Tuesday 14 August 2007

No more student computer labs ?

Student computer labs fascinate me. Actually they don't, but a large part of my professional life has been tied up in their provision and the facilities provided.

However I'm now beginning to wonder if the way we think about student labs is outdated.

When student labs first came about it was in the days of timesharing systems and all one needed to provide was several rooms full of Wyse WY-85's, VT220's or whatever as all the software was on the timesharing system.

Then came the rise of the pc and the network. Originally universities provided labs full of pc's as they were expensive and crucially the software was expensive. Not to mention the fact that computer lab provision was one of the metrics used (in the UK at least) to assess teaching quality.

Over the years people have tried thin client in various forms, but it's never really taken off, in part because Citrix licensing makes the cost of a large scale deployment prohibitive, and desktop pc's were cheap.

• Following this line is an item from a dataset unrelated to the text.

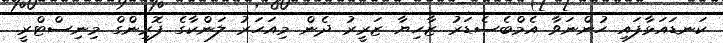
ކަނޑައަޅާފައި ހުންނަވާ އެމްބެސެޑަރު ޒާހިޔާ ޒަރީރު ދެން މިއަހަރު ލަންކާގެ ފޮރިންގް މިނިސްޓްރީ

The world has now changed, due to the rise of the laptop and the wireless network, not to mention cheap broadband. Suddenly the idea of a thin client/web 2.0 environment seems attractive, especially as students universally have access to a computing device of their own and some sort of network connectivity, but due to the need to work increasing numbers of hours to fund their studies, can't drop in to use a general purpose student lab.

What they need is access to some basic tools, and a compute/execution environment for the specialist and expensive software they need to use. As students almost universally have access to a computing device and network connect we don't even need to provide the hardware to run the thin client on - a software client such as citrix's ica will do fine.

And with the rise of virtualisation and technologies such as the vmware player we can potentially give students pre-rolled environments to work with.

Possibly high end cheap printing is also a requirement, but we already know how to do that.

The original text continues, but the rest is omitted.